PROBLEM STATEMENT:
Return every record below exactly as written, omitting any pictures.

EXERCISE DATA:

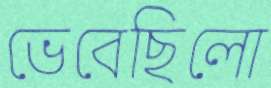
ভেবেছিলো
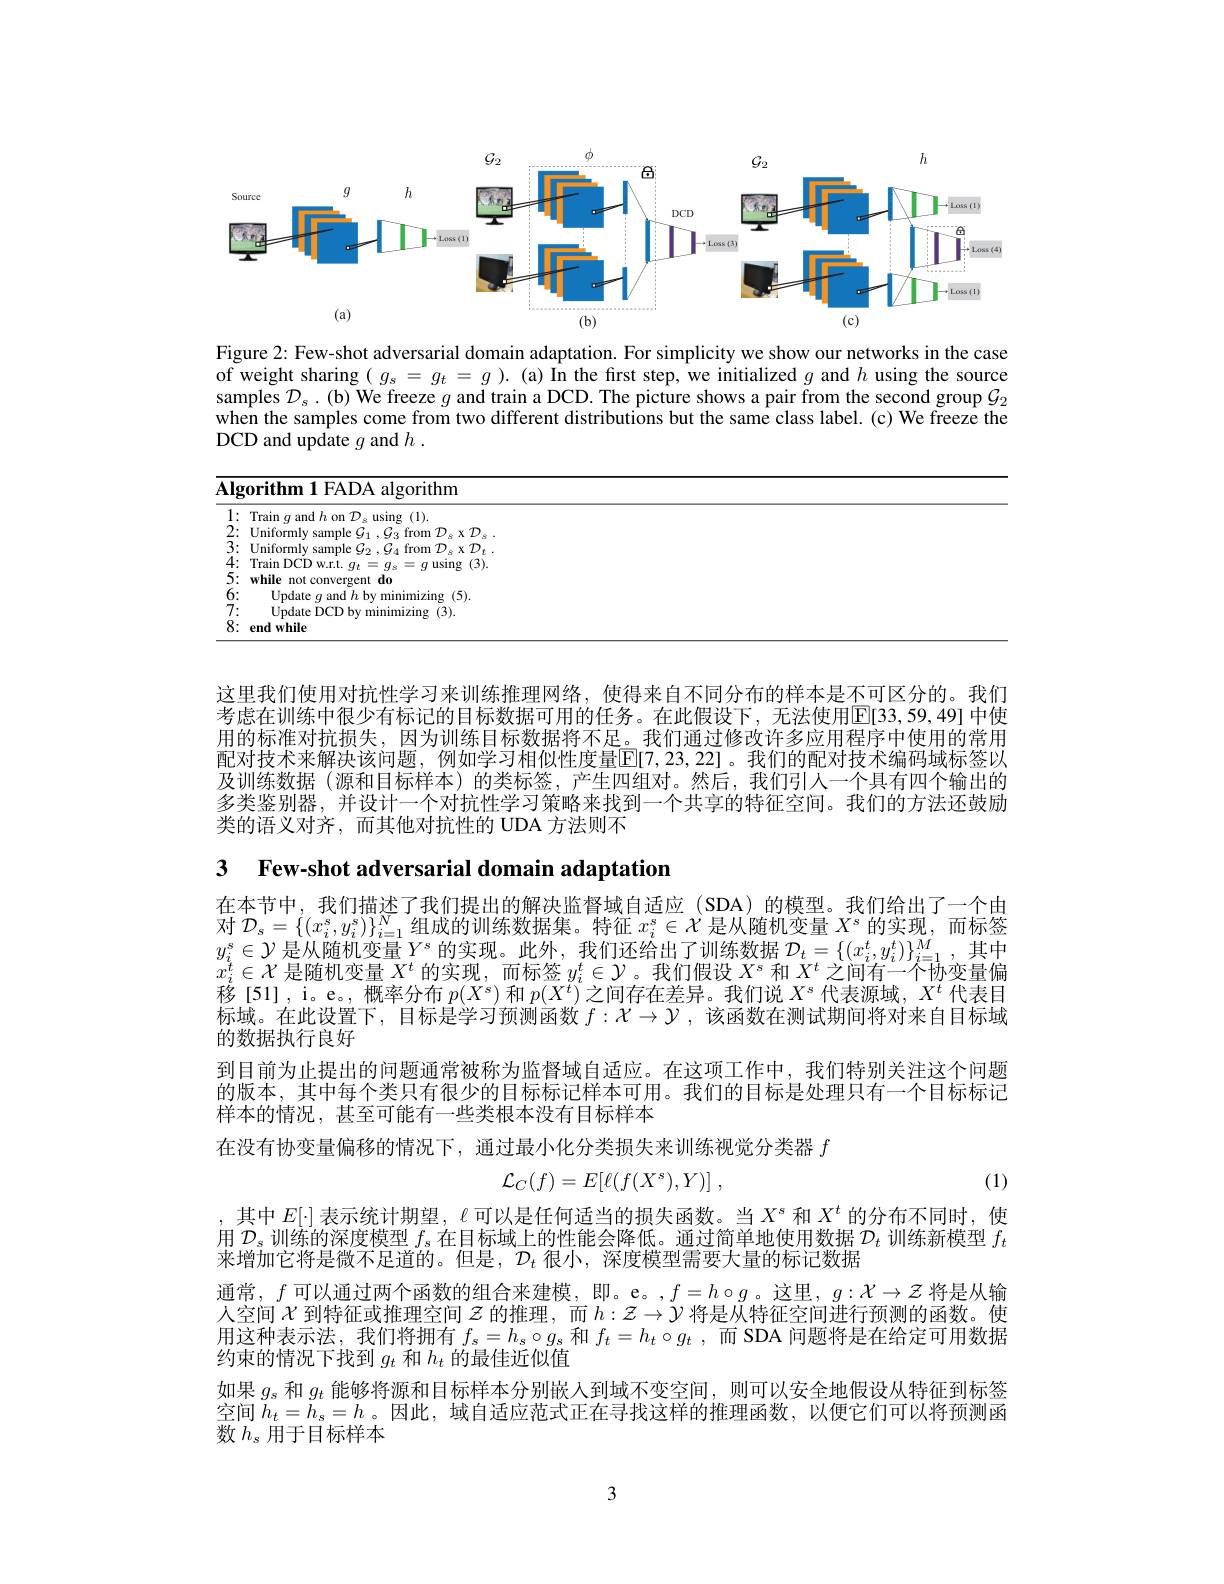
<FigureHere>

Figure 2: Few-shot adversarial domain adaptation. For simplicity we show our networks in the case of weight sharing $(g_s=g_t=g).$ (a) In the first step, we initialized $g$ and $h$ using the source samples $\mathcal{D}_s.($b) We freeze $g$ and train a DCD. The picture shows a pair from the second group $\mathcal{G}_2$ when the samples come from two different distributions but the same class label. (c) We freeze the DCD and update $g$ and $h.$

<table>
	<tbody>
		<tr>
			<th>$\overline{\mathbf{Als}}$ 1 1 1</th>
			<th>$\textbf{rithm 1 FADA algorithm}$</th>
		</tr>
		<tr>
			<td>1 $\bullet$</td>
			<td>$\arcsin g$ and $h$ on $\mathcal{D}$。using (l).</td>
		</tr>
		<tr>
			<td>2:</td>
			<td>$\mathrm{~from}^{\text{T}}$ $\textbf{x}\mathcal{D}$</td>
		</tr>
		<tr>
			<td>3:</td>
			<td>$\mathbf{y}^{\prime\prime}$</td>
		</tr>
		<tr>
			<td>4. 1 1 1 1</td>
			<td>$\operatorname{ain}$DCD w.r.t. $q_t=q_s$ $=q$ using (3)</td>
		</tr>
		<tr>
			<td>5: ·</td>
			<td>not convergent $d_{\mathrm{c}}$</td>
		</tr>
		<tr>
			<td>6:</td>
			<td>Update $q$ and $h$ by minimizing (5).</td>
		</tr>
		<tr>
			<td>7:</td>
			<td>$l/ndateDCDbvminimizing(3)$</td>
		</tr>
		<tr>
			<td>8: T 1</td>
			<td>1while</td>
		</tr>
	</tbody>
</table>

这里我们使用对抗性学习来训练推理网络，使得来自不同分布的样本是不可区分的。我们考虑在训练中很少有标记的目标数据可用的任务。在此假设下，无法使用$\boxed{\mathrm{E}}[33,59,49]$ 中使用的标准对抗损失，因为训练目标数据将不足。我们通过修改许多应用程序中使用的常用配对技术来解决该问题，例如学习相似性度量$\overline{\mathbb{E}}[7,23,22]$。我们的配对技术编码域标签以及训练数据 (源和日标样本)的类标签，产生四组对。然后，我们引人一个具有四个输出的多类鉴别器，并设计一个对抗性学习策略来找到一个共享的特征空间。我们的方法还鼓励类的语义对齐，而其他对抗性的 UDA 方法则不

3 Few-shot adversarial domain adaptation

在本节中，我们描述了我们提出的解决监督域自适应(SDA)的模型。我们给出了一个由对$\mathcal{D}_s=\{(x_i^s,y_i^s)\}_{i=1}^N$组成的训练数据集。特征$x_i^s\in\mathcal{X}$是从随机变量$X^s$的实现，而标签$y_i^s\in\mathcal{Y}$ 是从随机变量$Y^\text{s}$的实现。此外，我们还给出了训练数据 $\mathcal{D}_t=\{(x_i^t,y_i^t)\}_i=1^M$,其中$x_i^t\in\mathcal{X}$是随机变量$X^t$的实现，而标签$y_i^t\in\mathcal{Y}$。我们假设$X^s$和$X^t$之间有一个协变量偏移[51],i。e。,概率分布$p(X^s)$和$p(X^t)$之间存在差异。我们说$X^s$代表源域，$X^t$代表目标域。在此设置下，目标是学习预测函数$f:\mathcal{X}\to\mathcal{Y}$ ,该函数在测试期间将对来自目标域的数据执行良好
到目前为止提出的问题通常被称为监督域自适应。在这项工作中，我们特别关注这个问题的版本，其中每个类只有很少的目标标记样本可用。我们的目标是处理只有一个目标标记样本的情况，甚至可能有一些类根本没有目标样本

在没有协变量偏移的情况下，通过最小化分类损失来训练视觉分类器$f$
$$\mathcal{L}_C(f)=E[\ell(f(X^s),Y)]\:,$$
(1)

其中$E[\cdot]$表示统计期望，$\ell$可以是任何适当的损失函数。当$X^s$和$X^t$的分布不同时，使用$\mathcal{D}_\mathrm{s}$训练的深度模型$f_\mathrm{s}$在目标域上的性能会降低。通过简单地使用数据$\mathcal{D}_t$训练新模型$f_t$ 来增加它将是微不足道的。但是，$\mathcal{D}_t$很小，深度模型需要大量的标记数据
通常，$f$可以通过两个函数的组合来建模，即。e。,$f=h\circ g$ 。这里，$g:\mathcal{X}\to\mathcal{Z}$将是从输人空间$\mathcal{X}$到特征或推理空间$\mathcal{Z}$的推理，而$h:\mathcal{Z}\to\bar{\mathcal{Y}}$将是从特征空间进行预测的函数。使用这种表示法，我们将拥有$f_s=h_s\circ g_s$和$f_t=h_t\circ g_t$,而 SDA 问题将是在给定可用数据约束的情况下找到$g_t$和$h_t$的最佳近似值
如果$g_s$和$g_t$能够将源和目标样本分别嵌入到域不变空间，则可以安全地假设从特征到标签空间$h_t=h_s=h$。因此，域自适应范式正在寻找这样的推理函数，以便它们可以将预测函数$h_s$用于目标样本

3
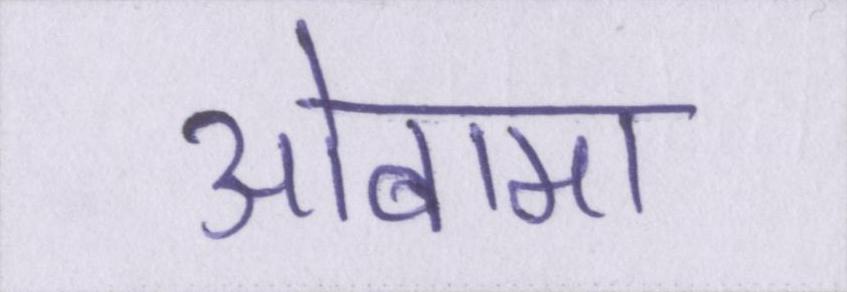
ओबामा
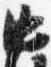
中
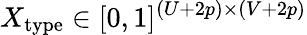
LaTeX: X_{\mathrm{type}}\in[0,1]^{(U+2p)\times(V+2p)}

EXERCISE ANSWER:
ভেবেছিলো
<FigureHere>

Figure 2: Few-shot adversarial domain adaptation. For simplicity we show our networks in the case of weight sharing $(g_s=g_t=g).$ (a) In the first step, we initialized $g$ and $h$ using the source samples $\mathcal{D}_s.($b) We freeze $g$ and train a DCD. The picture shows a pair from the second group $\mathcal{G}_2$ when the samples come from two different distributions but the same class label. (c) We freeze the DCD and update $g$ and $h.$

<table>
	<tbody>
		<tr>
			<th>$\overline{\mathbf{Als}}$ 1 1 1</th>
			<th>$\textbf{rithm 1 FADA algorithm}$</th>
		</tr>
		<tr>
			<td>1 $\bullet$</td>
			<td>$\arcsin g$ and $h$ on $\mathcal{D}$。using (l).</td>
		</tr>
		<tr>
			<td>2:</td>
			<td>$\mathrm{~from}^{\text{T}}$ $\textbf{x}\mathcal{D}$</td>
		</tr>
		<tr>
			<td>3:</td>
			<td>$\mathbf{y}^{\prime\prime}$</td>
		</tr>
		<tr>
			<td>4. 1 1 1 1</td>
			<td>$\operatorname{ain}$DCD w.r.t. $q_t=q_s$ $=q$ using (3)</td>
		</tr>
		<tr>
			<td>5: ·</td>
			<td>not convergent $d_{\mathrm{c}}$</td>
		</tr>
		<tr>
			<td>6:</td>
			<td>Update $q$ and $h$ by minimizing (5).</td>
		</tr>
		<tr>
			<td>7:</td>
			<td>$l/ndateDCDbvminimizing(3)$</td>
		</tr>
		<tr>
			<td>8: T 1</td>
			<td>1while</td>
		</tr>
	</tbody>
</table>

这里我们使用对抗性学习来训练推理网络，使得来自不同分布的样本是不可区分的。我们考虑在训练中很少有标记的目标数据可用的任务。在此假设下，无法使用$\boxed{\mathrm{E}}[33,59,49]$ 中使用的标准对抗损失，因为训练目标数据将不足。我们通过修改许多应用程序中使用的常用配对技术来解决该问题，例如学习相似性度量$\overline{\mathbb{E}}[7,23,22]$。我们的配对技术编码域标签以及训练数据 (源和日标样本)的类标签，产生四组对。然后，我们引人一个具有四个输出的多类鉴别器，并设计一个对抗性学习策略来找到一个共享的特征空间。我们的方法还鼓励类的语义对齐，而其他对抗性的 UDA 方法则不

3 Few-shot adversarial domain adaptation

在本节中，我们描述了我们提出的解决监督域自适应(SDA)的模型。我们给出了一个由对$\mathcal{D}_s=\{(x_i^s,y_i^s)\}_{i=1}^N$组成的训练数据集。特征$x_i^s\in\mathcal{X}$是从随机变量$X^s$的实现，而标签$y_i^s\in\mathcal{Y}$ 是从随机变量$Y^\text{s}$的实现。此外，我们还给出了训练数据 $\mathcal{D}_t=\{(x_i^t,y_i^t)\}_i=1^M$,其中$x_i^t\in\mathcal{X}$是随机变量$X^t$的实现，而标签$y_i^t\in\mathcal{Y}$。我们假设$X^s$和$X^t$之间有一个协变量偏移[51],i。e。,概率分布$p(X^s)$和$p(X^t)$之间存在差异。我们说$X^s$代表源域，$X^t$代表目标域。在此设置下，目标是学习预测函数$f:\mathcal{X}\to\mathcal{Y}$ ,该函数在测试期间将对来自目标域的数据执行良好
到目前为止提出的问题通常被称为监督域自适应。在这项工作中，我们特别关注这个问题的版本，其中每个类只有很少的目标标记样本可用。我们的目标是处理只有一个目标标记样本的情况，甚至可能有一些类根本没有目标样本

在没有协变量偏移的情况下，通过最小化分类损失来训练视觉分类器$f$
$$\mathcal{L}_C(f)=E[\ell(f(X^s),Y)]\:,$$
(1)

其中$E[\cdot]$表示统计期望，$\ell$可以是任何适当的损失函数。当$X^s$和$X^t$的分布不同时，使用$\mathcal{D}_\mathrm{s}$训练的深度模型$f_\mathrm{s}$在目标域上的性能会降低。通过简单地使用数据$\mathcal{D}_t$训练新模型$f_t$ 来增加它将是微不足道的。但是，$\mathcal{D}_t$很小，深度模型需要大量的标记数据
通常，$f$可以通过两个函数的组合来建模，即。e。,$f=h\circ g$ 。这里，$g:\mathcal{X}\to\mathcal{Z}$将是从输人空间$\mathcal{X}$到特征或推理空间$\mathcal{Z}$的推理，而$h:\mathcal{Z}\to\bar{\mathcal{Y}}$将是从特征空间进行预测的函数。使用这种表示法，我们将拥有$f_s=h_s\circ g_s$和$f_t=h_t\circ g_t$,而 SDA 问题将是在给定可用数据约束的情况下找到$g_t$和$h_t$的最佳近似值
如果$g_s$和$g_t$能够将源和目标样本分别嵌入到域不变空间，则可以安全地假设从特征到标签空间$h_t=h_s=h$。因此，域自适应范式正在寻找这样的推理函数，以便它们可以将预测函数$h_s$用于目标样本

3
ओबामा
中
LaTeX: X_{\mathrm{type}}\in[0,1]^{(U+2p)\times(V+2p)}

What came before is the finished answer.